### Problem requirements:
Below is a listing; write it out exactly and drop any images from it.

### Input material:
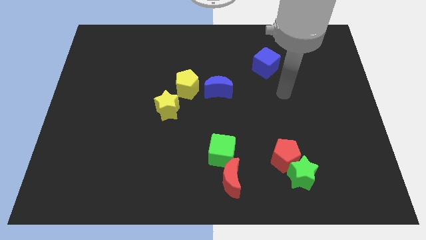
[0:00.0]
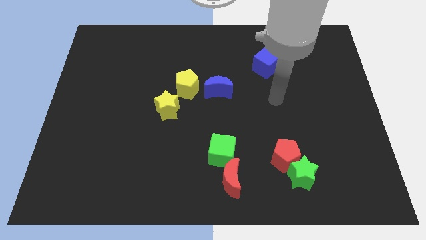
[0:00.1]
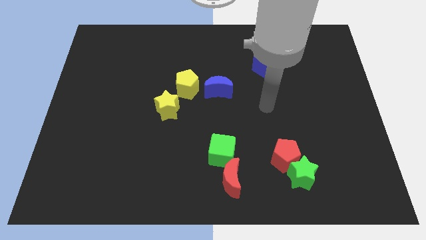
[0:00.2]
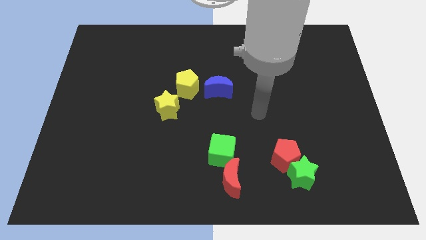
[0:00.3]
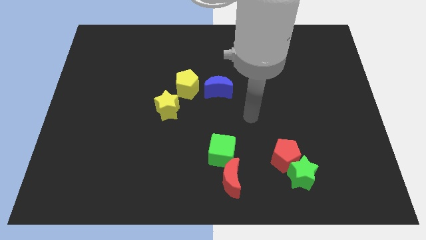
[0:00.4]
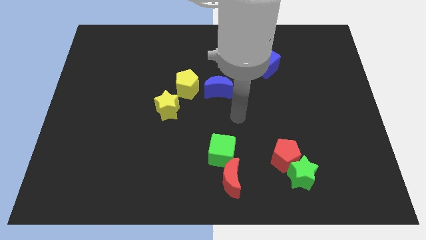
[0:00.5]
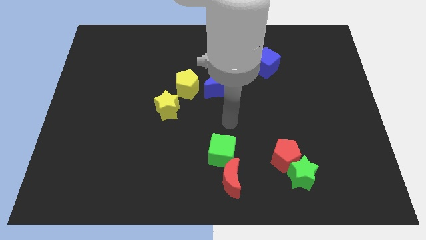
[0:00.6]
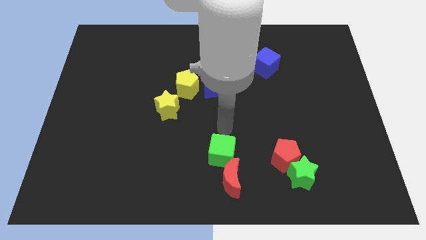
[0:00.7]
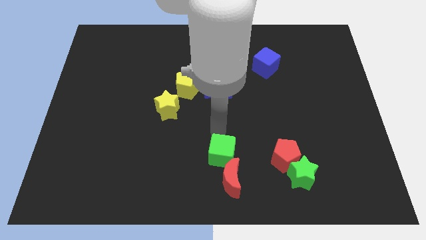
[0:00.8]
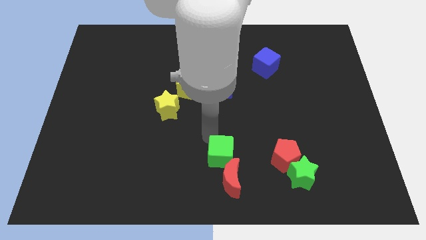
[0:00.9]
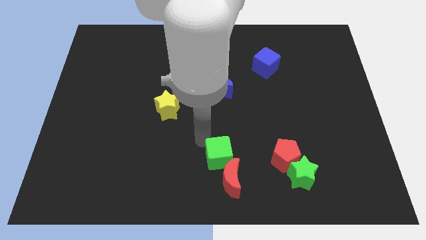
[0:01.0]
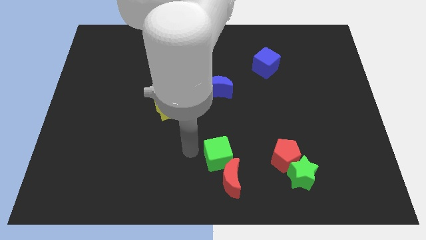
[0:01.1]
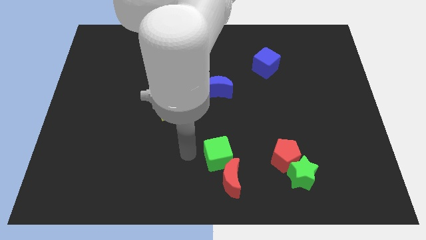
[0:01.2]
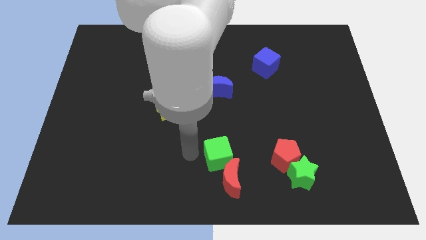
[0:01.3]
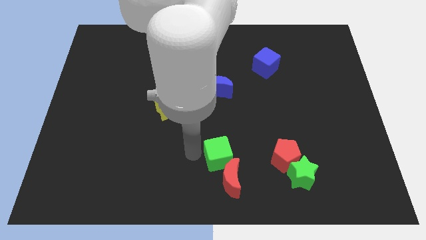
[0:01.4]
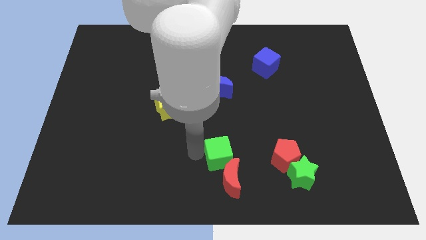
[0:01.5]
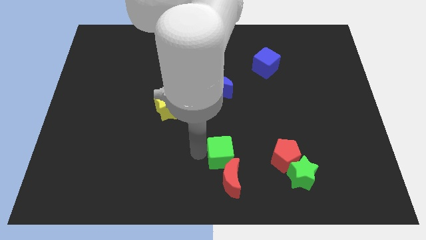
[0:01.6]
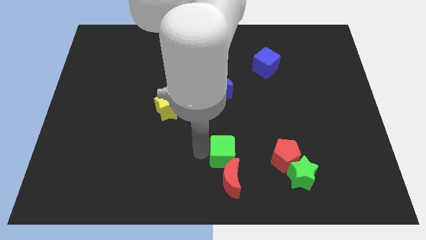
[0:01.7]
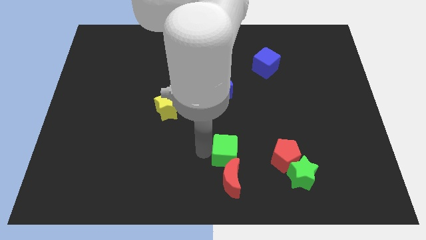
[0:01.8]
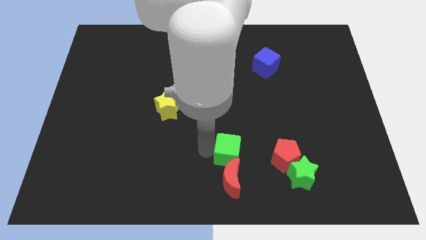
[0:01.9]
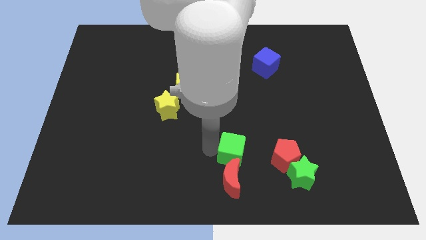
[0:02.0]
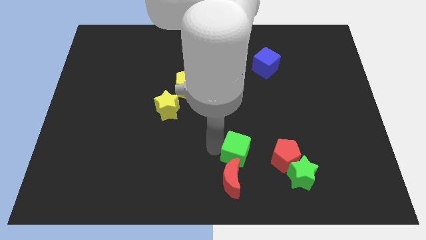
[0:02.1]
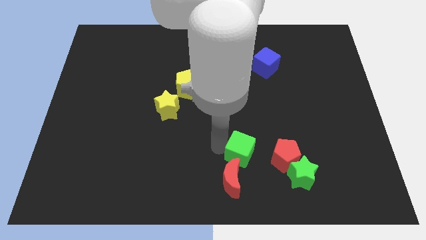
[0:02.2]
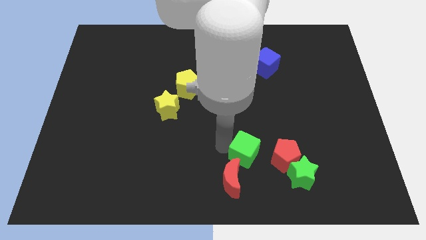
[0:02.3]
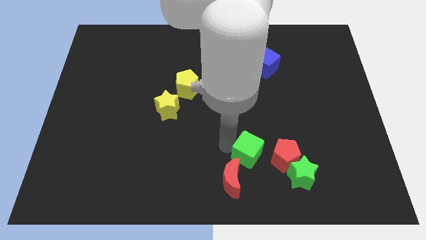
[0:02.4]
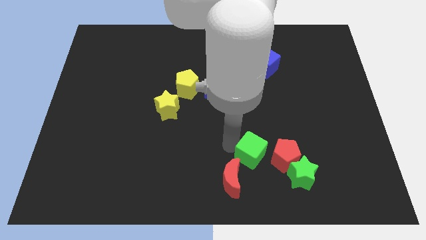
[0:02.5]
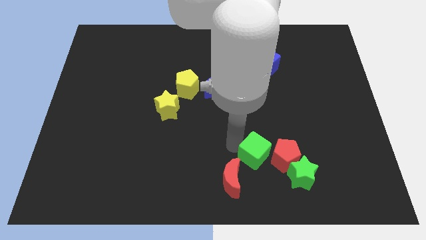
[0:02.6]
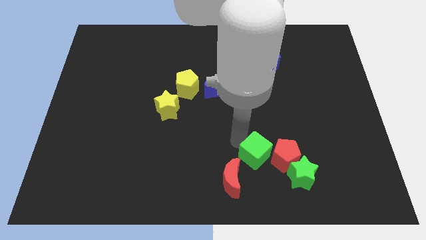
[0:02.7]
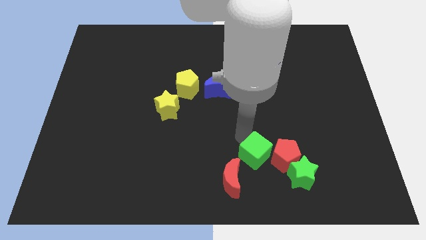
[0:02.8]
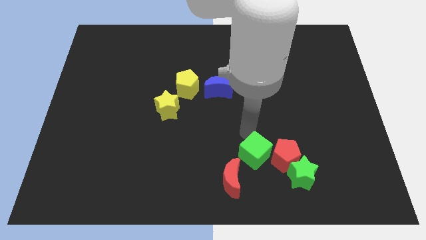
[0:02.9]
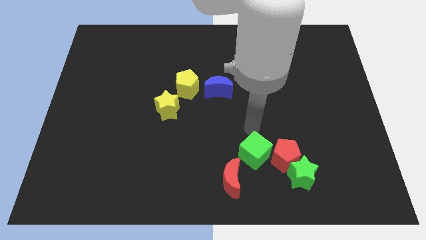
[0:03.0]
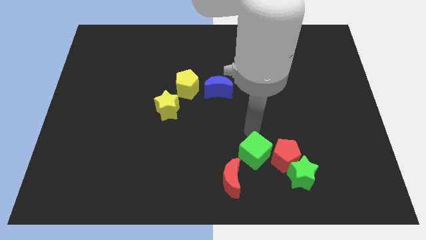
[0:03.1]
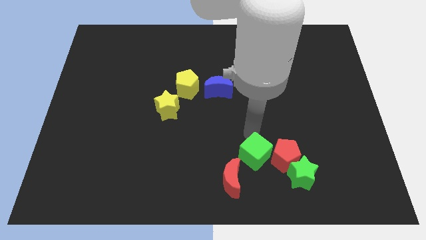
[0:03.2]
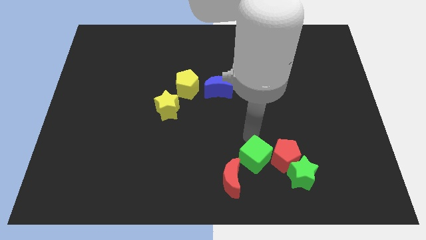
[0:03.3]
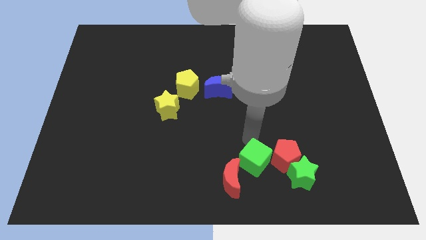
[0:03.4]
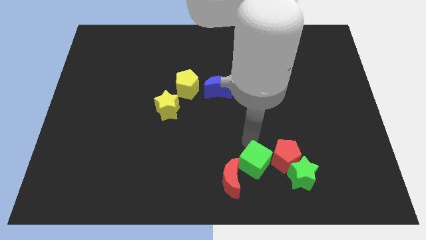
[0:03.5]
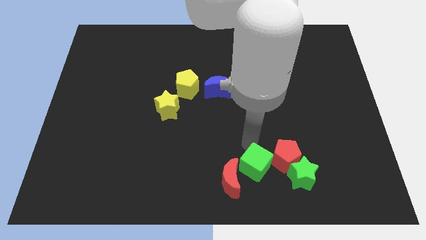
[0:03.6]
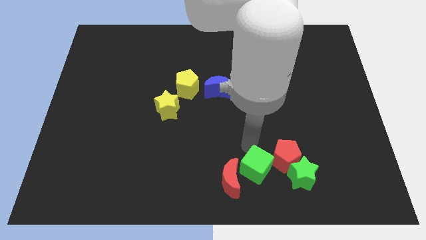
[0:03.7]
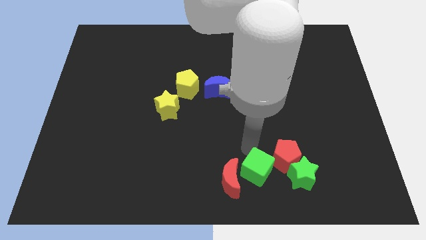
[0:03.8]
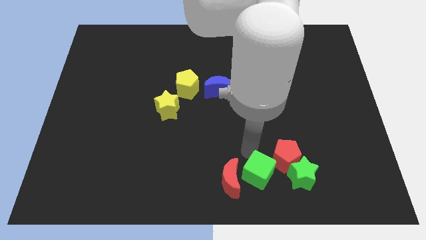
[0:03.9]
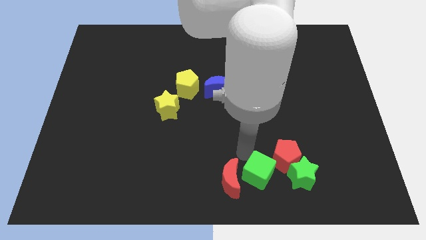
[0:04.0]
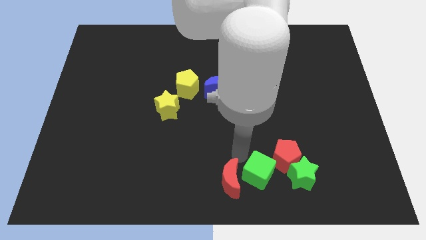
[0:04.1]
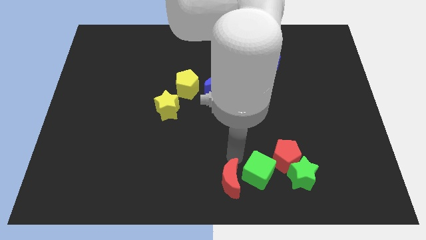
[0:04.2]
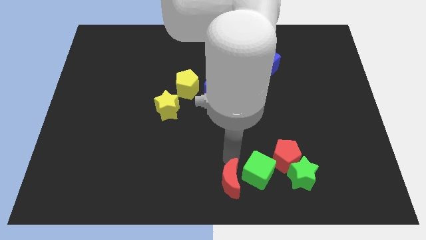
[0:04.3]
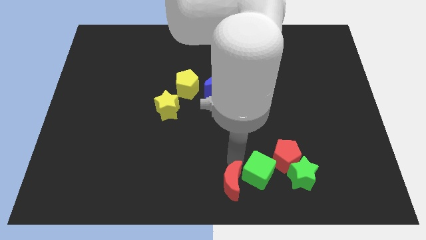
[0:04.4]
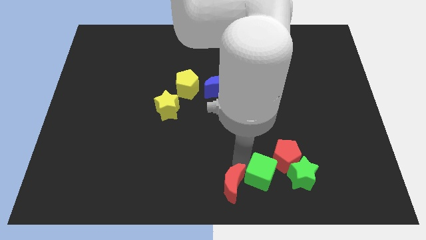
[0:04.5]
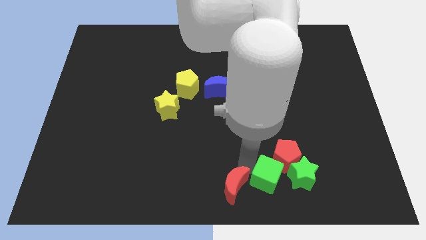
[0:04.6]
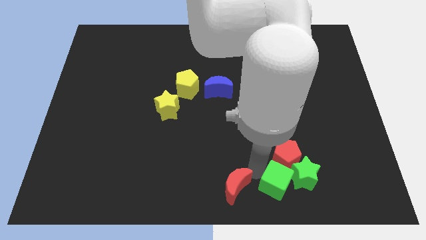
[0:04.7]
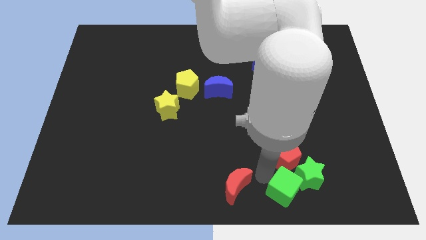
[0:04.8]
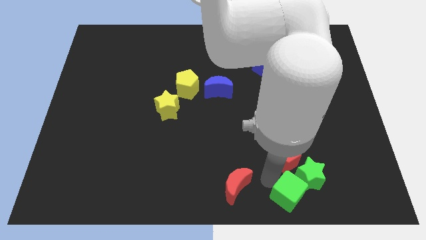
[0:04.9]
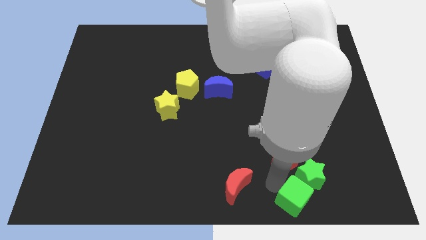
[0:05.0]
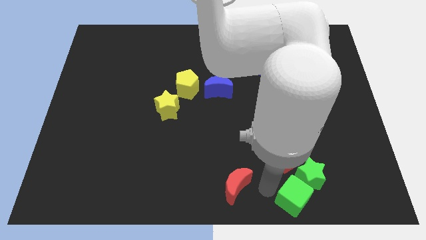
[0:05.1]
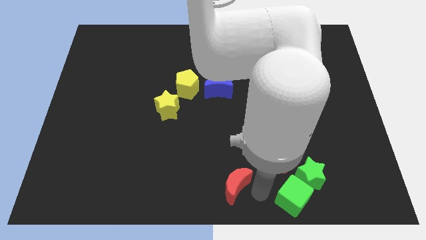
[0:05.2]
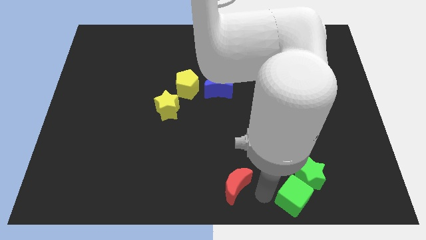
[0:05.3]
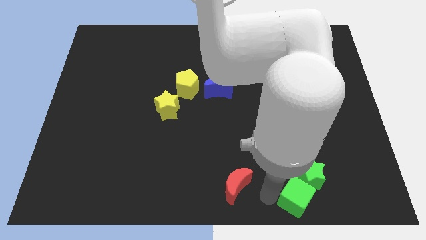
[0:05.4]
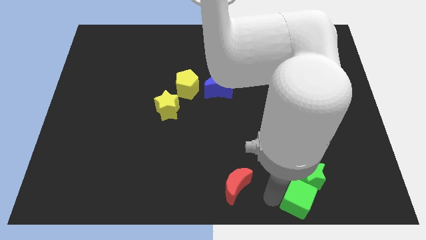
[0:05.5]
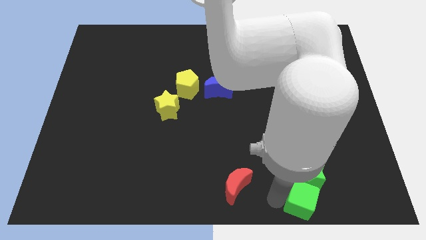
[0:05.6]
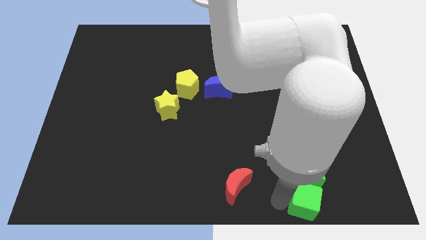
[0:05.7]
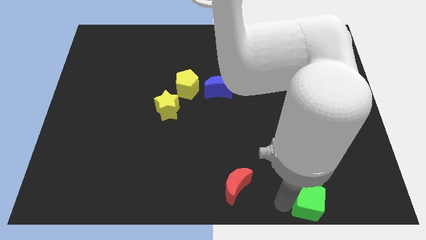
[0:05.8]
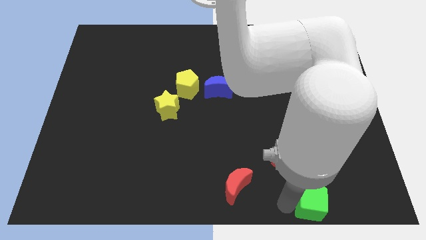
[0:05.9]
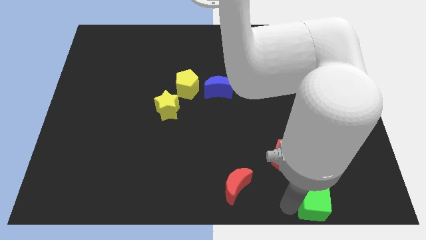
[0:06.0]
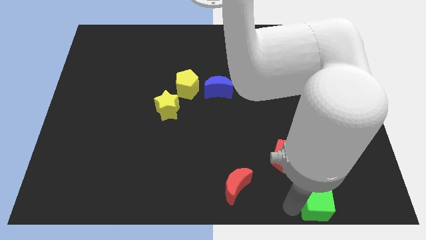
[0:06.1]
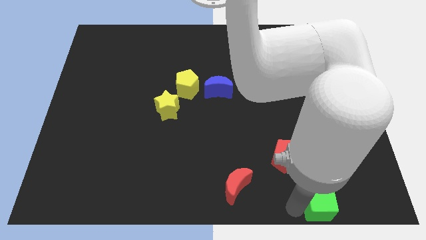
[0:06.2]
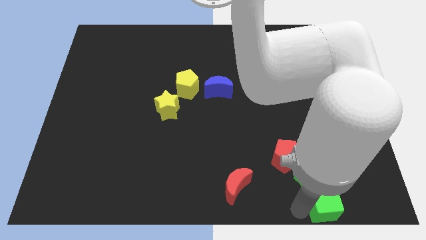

### Problem solution:
[0:00.0]
[0:00.1]
[0:00.2]
[0:00.3]
[0:00.4]
[0:00.5]
[0:00.6]
[0:00.7]
[0:00.8]
[0:00.9]
[0:01.0]
[0:01.1]
[0:01.2]
[0:01.3]
[0:01.4]
[0:01.5]
[0:01.6]
[0:01.7]
[0:01.8]
[0:01.9]
[0:02.0]
[0:02.1]
[0:02.2]
[0:02.3]
[0:02.4]
[0:02.5]
[0:02.6]
[0:02.7]
[0:02.8]
[0:02.9]
[0:03.0]
[0:03.1]
[0:03.2]
[0:03.3]
[0:03.4]
[0:03.5]
[0:03.6]
[0:03.7]
[0:03.8]
[0:03.9]
[0:04.0]
[0:04.1]
[0:04.2]
[0:04.3]
[0:04.4]
[0:04.5]
[0:04.6]
[0:04.7]
[0:04.8]
[0:04.9]
[0:05.0]
[0:05.1]
[0:05.2]
[0:05.3]
[0:05.4]
[0:05.5]
[0:05.6]
[0:05.7]
[0:05.8]
[0:05.9]
[0:06.0]
[0:06.1]
[0:06.2]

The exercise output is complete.